Gene and effector annotation
The M. oryzae Guy11 genome along with 162 other rice-infecting M. oryzae genomes (Additional file 25) were annotated using the FunGAP [58] version 1.1.0 annotation pipeline. For all genomes, RNAseq data (SRR8842990) obtained from GEO accession GSE129291 was used along with the proteomes of M. oryzae 70-15, P131, and MZ5-1-6 taken from GenBank (accessions GCA_000002495.2, GCA_000292605.1, and GCA_004346965.1, respectively). The “sordariomycetes_odb10” option was used for the busco_dataset option and the “magnaporthe_grisea” option was used for the augustus_species option. For repeat masking, a transposable element library generated by combining the RepBase [59] fngrep version 25.10 with a de novo repeat library, generated by RepeatModeler [60] version 2.0.1 run on the M. oryzae Guy11 genome with the LTRStruct option, was used for all genomes. Genes in M. oryzae Guy11 were assigned names according to the gene names listed on UniProtKB for M. oryzae 70-15 accessed in October 2021. To make this assignment, M. oryzae Guy11 proteins were aligned to the M. oryzae 70-15 proteome using BLASTP [55] version 2.7.1+. Hits with greater than 80% sequence identity that spanned more than 80% of the length of both the M. oryzae Guy11 protein and the M. oryzae 70-15 protein were assigned names.
Effectors were predicted among M. oryzae Guy11 genes by first selecting genes with signal peptides which were predicted using SignalP [61] version 5.0b Darwin x86_64. Genes with predicted transmembrane domains from TMHMM [62] version 2.0c were then excluded. Finally, EffectorP [63] version 2.0 was used to predict effectors from this secreted gene set. Previously well-characterized effectors were identified using previously published protein sequences [45] and DIAMOND [64] version 2.0.9.147.

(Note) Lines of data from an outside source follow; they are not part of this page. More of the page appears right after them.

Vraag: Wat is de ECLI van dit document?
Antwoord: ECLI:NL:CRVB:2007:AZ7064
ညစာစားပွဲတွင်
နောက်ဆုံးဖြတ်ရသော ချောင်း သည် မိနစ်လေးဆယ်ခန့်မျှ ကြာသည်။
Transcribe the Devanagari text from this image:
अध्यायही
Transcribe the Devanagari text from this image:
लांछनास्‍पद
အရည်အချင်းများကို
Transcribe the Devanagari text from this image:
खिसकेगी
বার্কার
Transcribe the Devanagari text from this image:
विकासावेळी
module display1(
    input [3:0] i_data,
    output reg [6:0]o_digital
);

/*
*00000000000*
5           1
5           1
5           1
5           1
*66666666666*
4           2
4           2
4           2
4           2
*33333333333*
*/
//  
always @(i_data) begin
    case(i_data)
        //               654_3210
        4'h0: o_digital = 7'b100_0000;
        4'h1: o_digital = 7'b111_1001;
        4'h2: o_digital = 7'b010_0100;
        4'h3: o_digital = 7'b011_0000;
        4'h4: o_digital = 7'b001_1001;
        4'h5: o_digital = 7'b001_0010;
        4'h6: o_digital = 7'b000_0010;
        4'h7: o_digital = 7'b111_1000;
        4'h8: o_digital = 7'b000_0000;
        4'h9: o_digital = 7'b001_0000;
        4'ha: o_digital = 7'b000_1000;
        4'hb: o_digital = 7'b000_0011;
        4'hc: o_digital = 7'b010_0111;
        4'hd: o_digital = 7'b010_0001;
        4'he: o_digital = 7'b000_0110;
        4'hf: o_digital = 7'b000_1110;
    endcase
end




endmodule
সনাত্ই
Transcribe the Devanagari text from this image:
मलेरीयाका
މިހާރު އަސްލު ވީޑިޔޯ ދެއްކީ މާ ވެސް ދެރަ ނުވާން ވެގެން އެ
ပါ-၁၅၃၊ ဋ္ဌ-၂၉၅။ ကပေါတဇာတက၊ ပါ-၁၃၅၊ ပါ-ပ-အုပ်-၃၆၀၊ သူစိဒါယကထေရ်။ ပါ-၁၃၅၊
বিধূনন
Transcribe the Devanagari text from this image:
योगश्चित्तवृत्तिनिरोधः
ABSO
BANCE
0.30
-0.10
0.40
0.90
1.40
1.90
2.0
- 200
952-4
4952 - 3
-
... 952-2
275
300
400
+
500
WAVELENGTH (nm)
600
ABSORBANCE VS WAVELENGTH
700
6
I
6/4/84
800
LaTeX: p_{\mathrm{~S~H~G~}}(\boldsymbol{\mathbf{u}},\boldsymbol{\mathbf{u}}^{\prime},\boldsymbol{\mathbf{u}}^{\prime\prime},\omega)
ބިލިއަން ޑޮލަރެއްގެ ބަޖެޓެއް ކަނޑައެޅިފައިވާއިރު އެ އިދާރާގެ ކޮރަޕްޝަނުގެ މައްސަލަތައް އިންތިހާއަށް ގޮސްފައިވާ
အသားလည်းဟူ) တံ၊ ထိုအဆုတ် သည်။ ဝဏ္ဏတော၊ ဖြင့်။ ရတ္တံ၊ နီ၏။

High-quality LTR retrotransposon annotations in M. oryzae
High-quality, full-length, consensus sequences for known Gypsy elements in M. oryzae (MAGGY, GYMAG1, GYMAG2, PYRET, MGRL3) and one Copia element (Copia1) were generated using the WICKERsoft [65] suite of tools. Reference sequences from other genomes for each element were obtained from the RepBase [59] fngrep version 25.10 library. The M. oryzae Guy11 genome was then scanned for the presence of these sequences using BLASTN [55] version 2.2.9 and then filtered to hits with 90% sequence identity and that contained 90% of the sequence length. Hits for each reference sequence were then extended to include 500 base pairs of genomic sequence upstream and downstream of the hit. A multiple sequence alignment of hits for each reference sequence was then generated using ClustalW [66] version 1.83 and boundaries were visually inspected and trimmed. Consensus sequences for each element were then generated from these multiple sequence alignments. These consensus sequences were split into LTR and internal regions by self-alignment using the BLASTN [55] webserver in August 2020 to identify LTRs. These consensus sequences are available in Additional file 33. Finally, the locations of these elements in M. oryzae Guy11 genome were annotated with RepeatMasker [67] version 4.1.1 with the -cutoff 250, -nolow, -no_is, and -norna options to identify their locations in the M. oryzae Guy11 genome. For read coverage plots as well as histone and GC content plots, full-length LTR retrotransposon copies were required. These were identified by using the original full-length consensus sequences with RepeatMasker as before and then filtering to hits greater than 3000 bp in length and greater than 90% sequence identity.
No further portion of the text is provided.